Exercise directions
Write all of the entries out again exactly, but not the images.
□ □ □ □ □
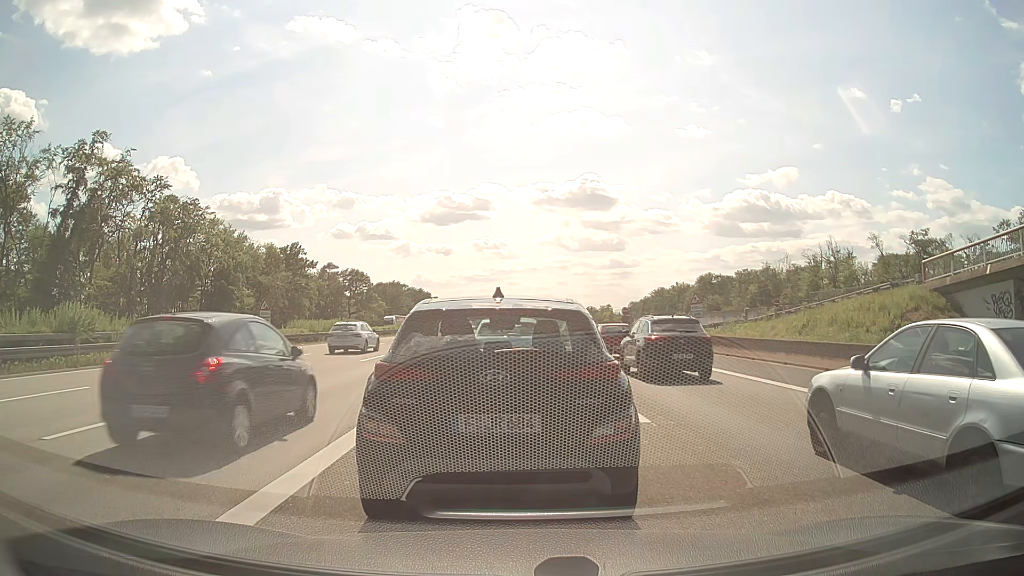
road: motorway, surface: asphalt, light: Day
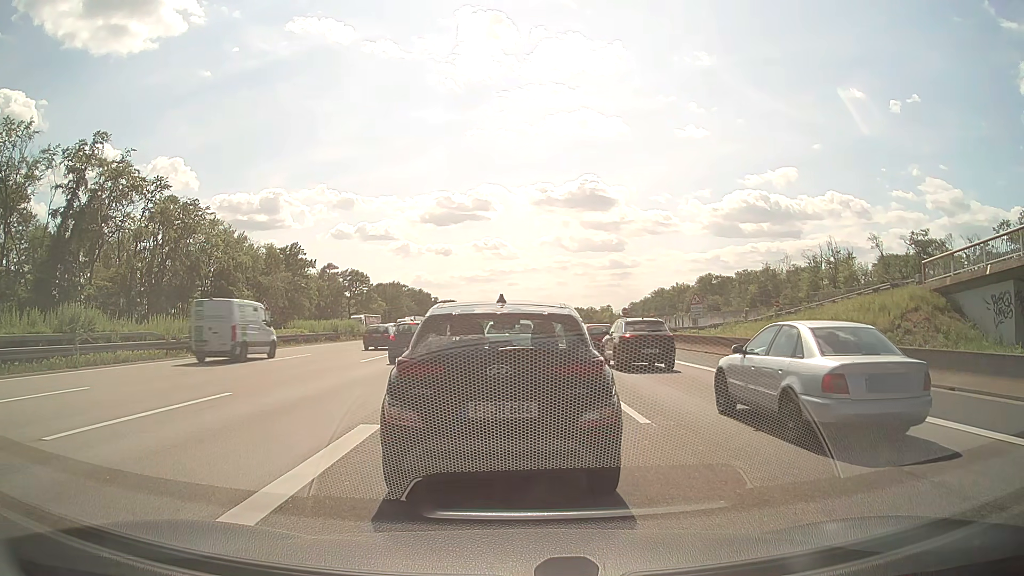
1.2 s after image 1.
(0.0, 0.0) m; 0°
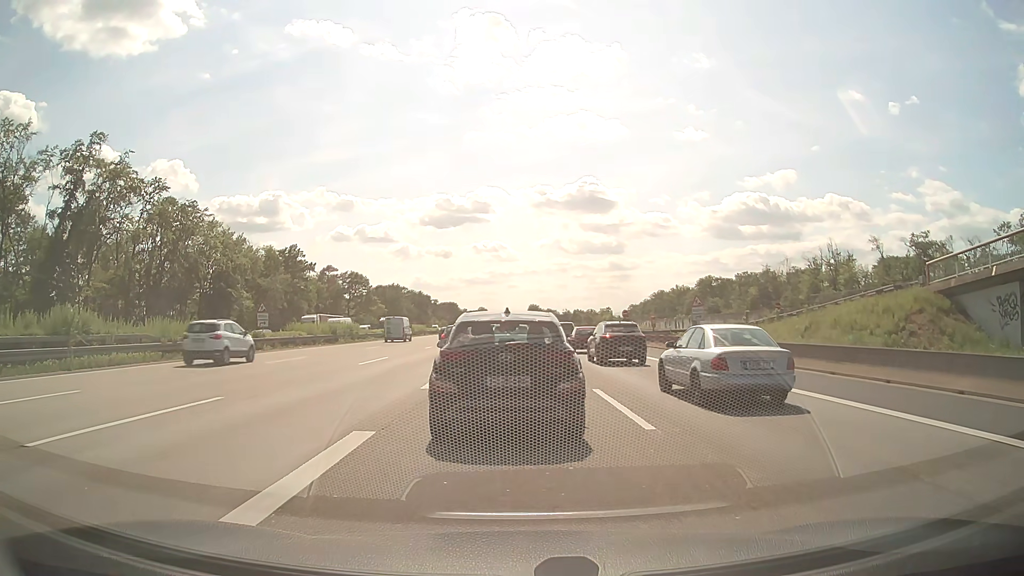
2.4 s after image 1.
(0.0, +0.4) m; 0°
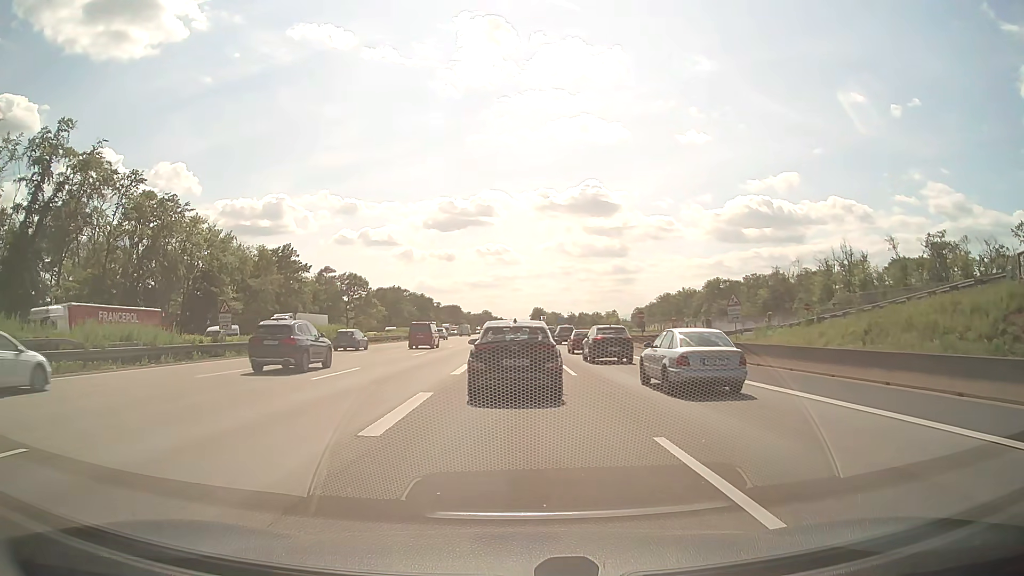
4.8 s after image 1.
(-0.2, +6.8) m; -1°
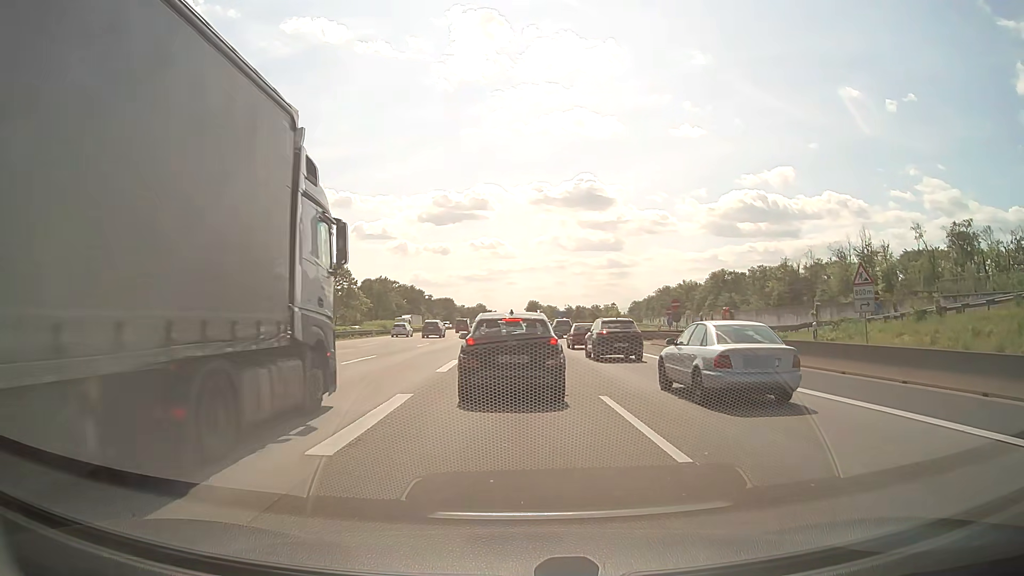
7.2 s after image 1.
(-0.1, +14.1) m; 0°
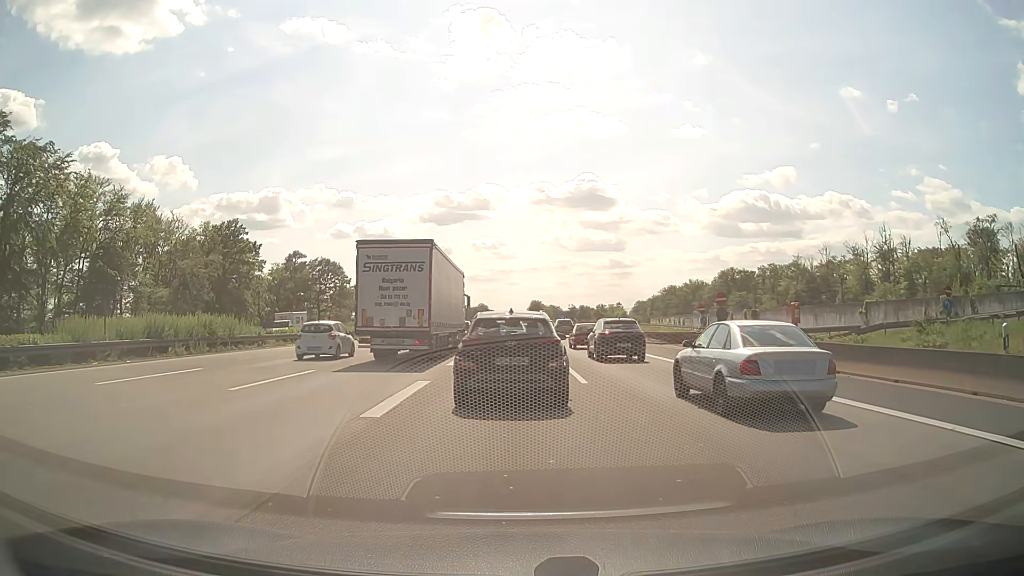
□ □ □ □ □
Solution to the exercise
road: motorway, surface: asphalt, light: Day
1.2 s after image 1.
(0.0, 0.0) m; 0°
2.4 s after image 1.
(0.0, +0.4) m; 0°
4.8 s after image 1.
(-0.2, +6.8) m; -1°
7.2 s after image 1.
(-0.1, +14.1) m; 0°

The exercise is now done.